The district council, its regional counterpart, Civil Defence Emergency Management and others really are doing a great deal of work in preparing for what appears to be a looming disaster. At best Kaikohe, and Kaitaia isn't far behind, can hope for an emergency supply of water that will allow for the most basic of needs. But while one can't blame the council for the weather, its response is another story.
In the case of Kaitaia, the council has spent 10 years and millions of dollars achieving very little in terms of developing what in 2010 was touted as an accessible, affordable, sustainable source of water. So far it has sunk a test bore and acquired a consent to take all the water the town needs over a dry summer, and more, from the aquifer at Sweetwater.
The council now says it will be drawing that water before the end of autumn next year.
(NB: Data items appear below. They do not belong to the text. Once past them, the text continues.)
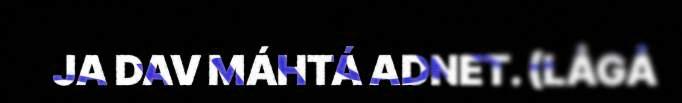
JA DAV MÁHTÁ ADNET. (LÅGÅ
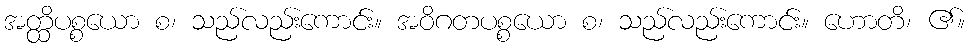
အတ္ထိပစ္စယော စ၊ သည်လည်းကောင်း။ အဝိဂတပစ္စယော စ၊ သည်လည်းကောင်း။ ဟောတိ၊ ၏။
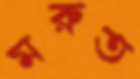
মরুত
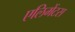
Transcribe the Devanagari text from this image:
एलिमेंटस
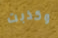
وكذبت
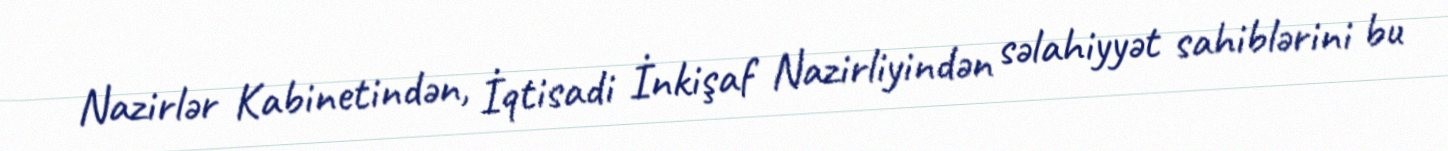
Nazirlər Kabinetindən, İqtisadi İnkişaf Nazirliyindən səlahiyyət sahiblərini bu
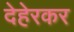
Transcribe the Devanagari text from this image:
देहेरकर
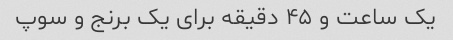
یک ساعت و ۴۵ دقیقه برای یک برنج و سوپ
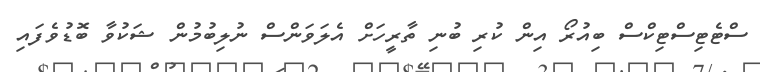
ސްޓެޓިސްޓިކްސް ބިއުރޯ އިން ކުރި ބުނި ތާރީހަށް އެލަވަންސް ނުލިބުމުން ޝަކުވާ ބޮޑުވެފައި
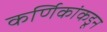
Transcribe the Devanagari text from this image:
कर्णिकांकडून
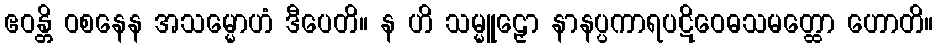
ဧဝန္တိ ဝစနေန အသမ္မောဟံ ဒီပေတိ။ န ဟိ သမ္မူဠှော နာနပ္ပကာရပဋိဝေဓသမတ္ထော ဟောတိ။

At worst, next summer will be the last that sees a crisis of this nature. Hallelujah.
The council can also be criticised for its specific response to this emergency, however. In Kaitaia's case it reacted far too slowly to what everyone from locals to hydrologists and forecasters were warning many months ago, that what the town is now enduring was increasingly likely to come to pass.
What did it do? Nothing, publicly at least, until January 16, when it imposed Level 3 restrictions. Not Level 1 or 2, but starting at 3. From zero restrictions to Level 3 alone suggests that it should have done something much earlier than mid-January.
Then, dags having finally rattled, its attempts to make the community aware of the situation, and of the restrictions on water use, were little more than derisory. It has done a much better job since late last week, but the horse was well on the way to bolting by then.
In fairness to the council, some who had been made very aware of the ban on sprinklers, hoses and irrigation systems, water-blasting and the washing of cars and boats, as of January 16, chose to ignore their duty to comply. The worst known offenders were the owners of Kaitaia's two car wash establishments. One was happy to comply with the restriction, according to the council, but did so only briefly. When his customers started abandoning him in droves in favour of the opposition, where they could still wash their cars, he turned his system back on.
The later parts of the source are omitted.